- YOUR TASK -
Please print nothing but the lines from the one containing "9.0 s after image 1." to the final line below, exactly, and no pictures.

- RECORD EXTRACTS -
★ ★ ★ ★ ★ ★ ★
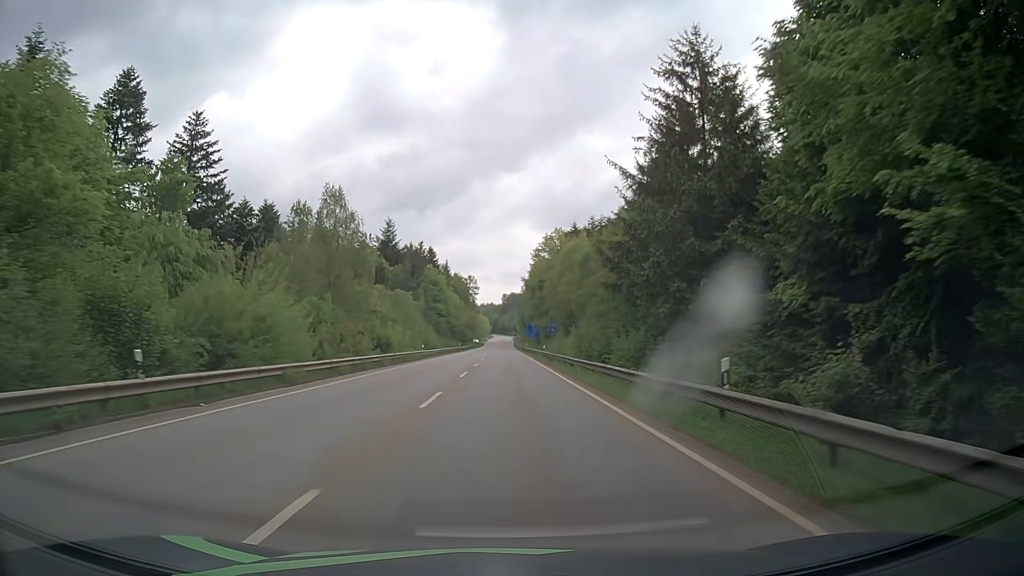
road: secondary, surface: asphalt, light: Day
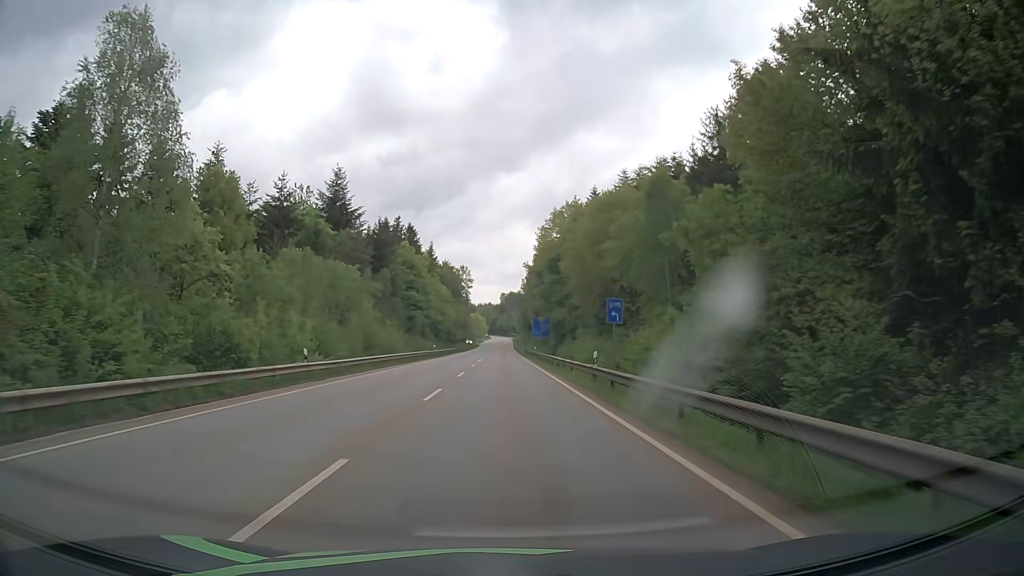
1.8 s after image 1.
(0.0, +34.4) m; 0°
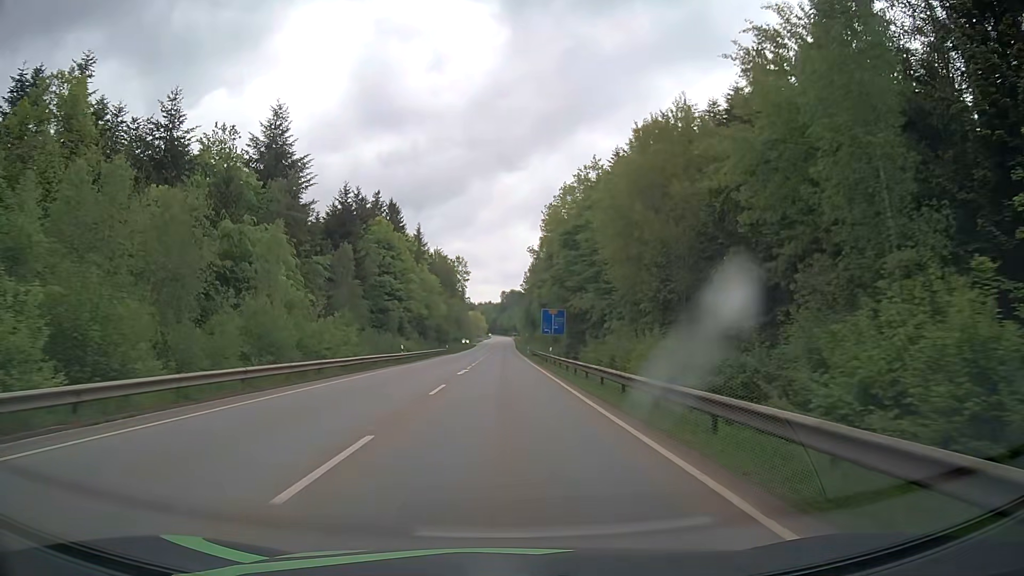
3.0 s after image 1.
(-0.1, +22.4) m; 0°
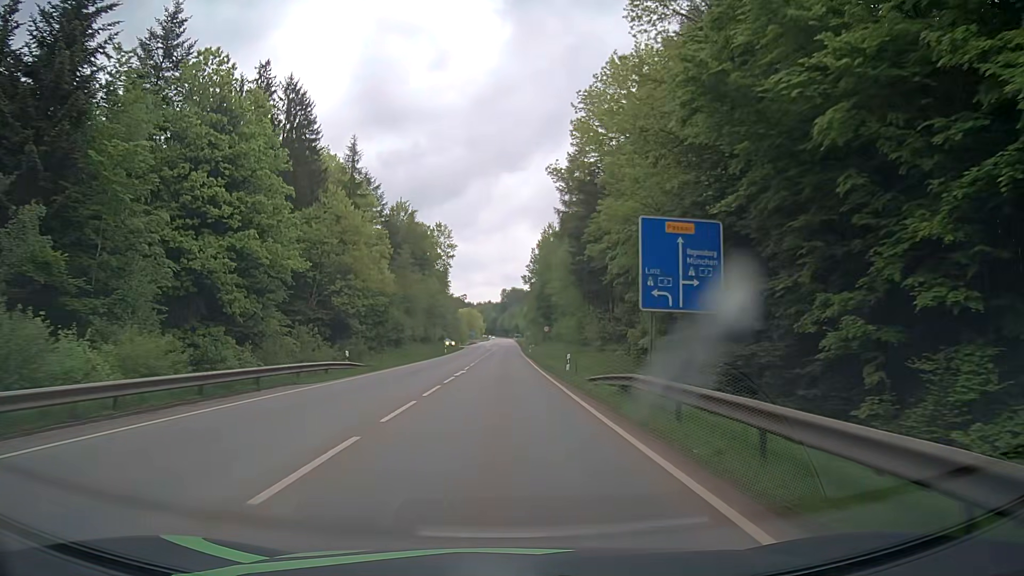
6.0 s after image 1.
(+0.2, +54.8) m; 0°
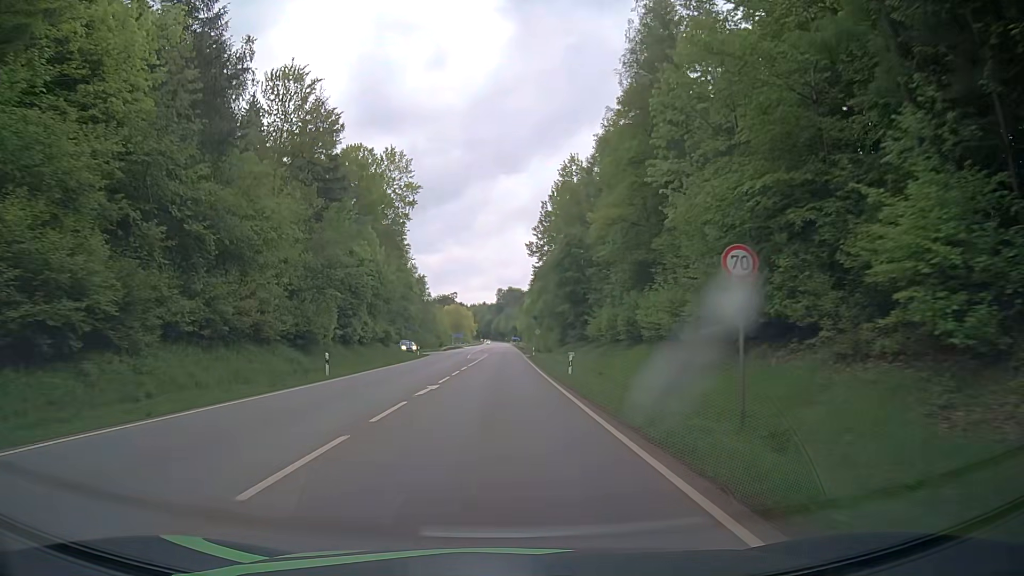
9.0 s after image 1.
(+0.1, +53.9) m; 0°
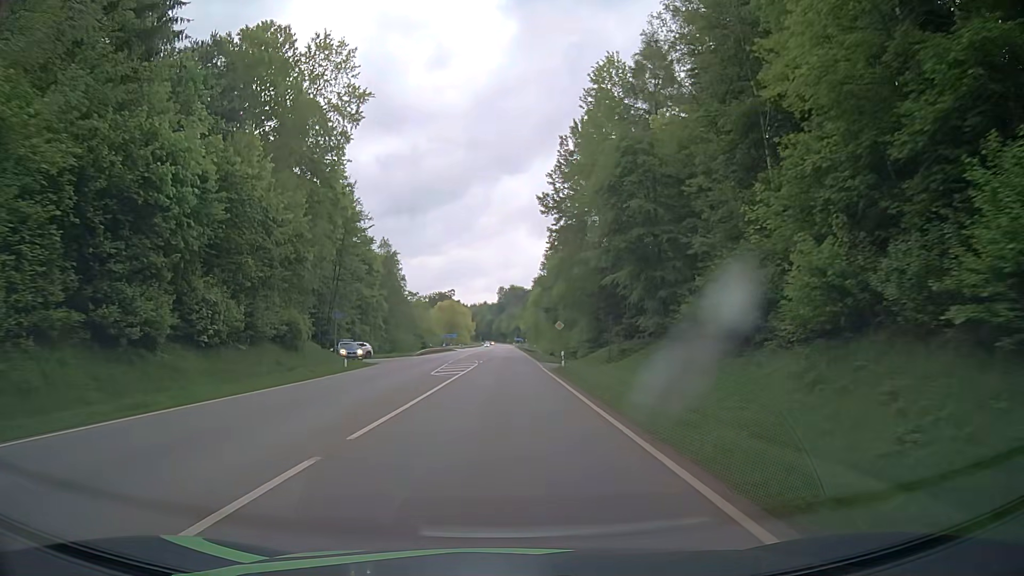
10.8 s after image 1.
(+0.1, +32.1) m; 0°
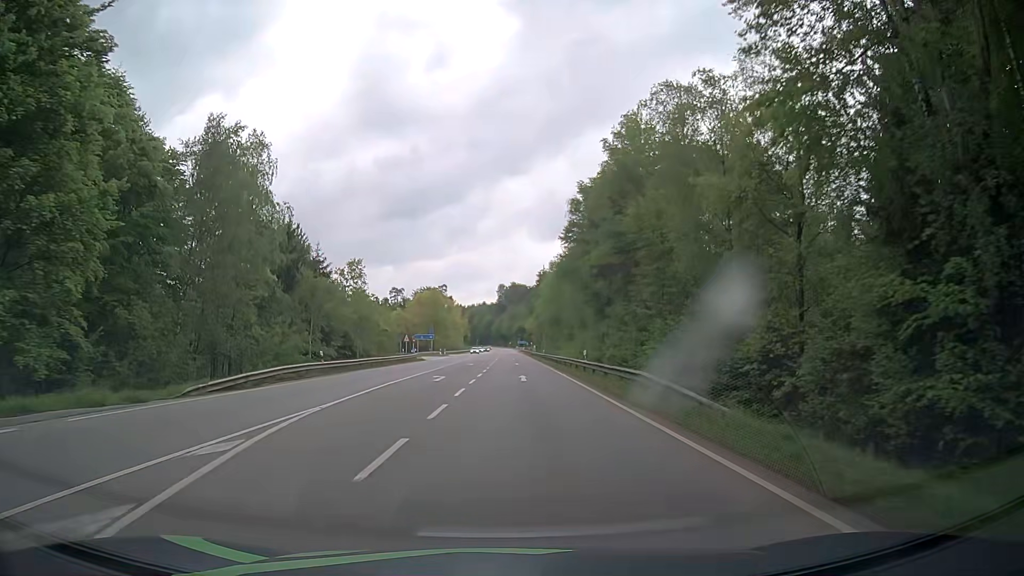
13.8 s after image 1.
(-0.2, +53.6) m; 0°
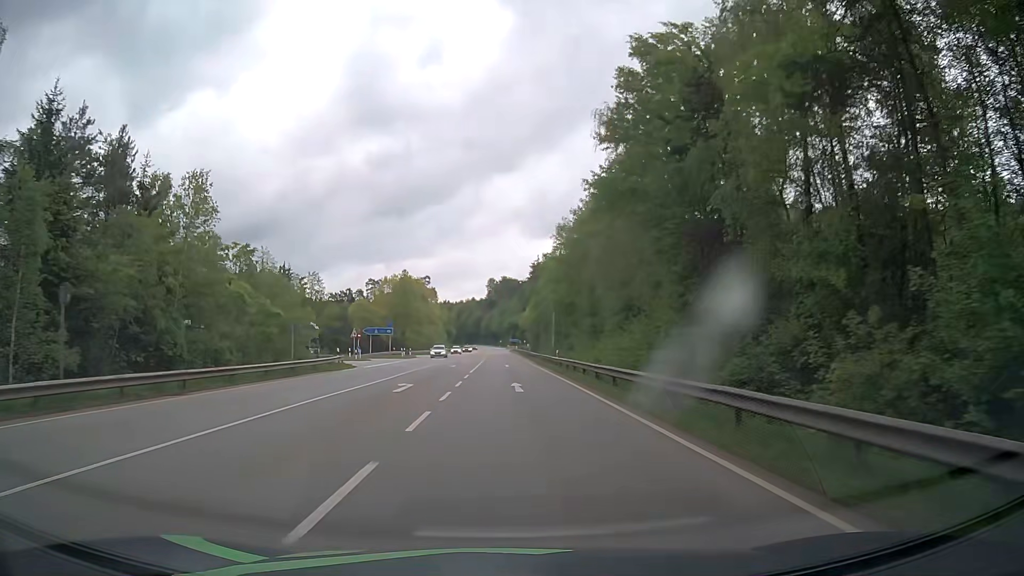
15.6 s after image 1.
(0.0, +32.2) m; 0°
(0, +10) (0, +20) (0, +30) (0, +40) (0, +50) (0, +60) (0, +70) (0, +80) (0, +90) (0, +100) m
★ ★ ★ ★ ★ ★ ★
- EXERCISE RESPONSE -
9.0 s after image 1.
(+0.1, +53.9) m; 0°
10.8 s after image 1.
(+0.1, +32.1) m; 0°
13.8 s after image 1.
(-0.2, +53.6) m; 0°
15.6 s after image 1.
(0.0, +32.2) m; 0°
(0, +10) (0, +20) (0, +30) (0, +40) (0, +50) (0, +60) (0, +70) (0, +80) (0, +90) (0, +100) m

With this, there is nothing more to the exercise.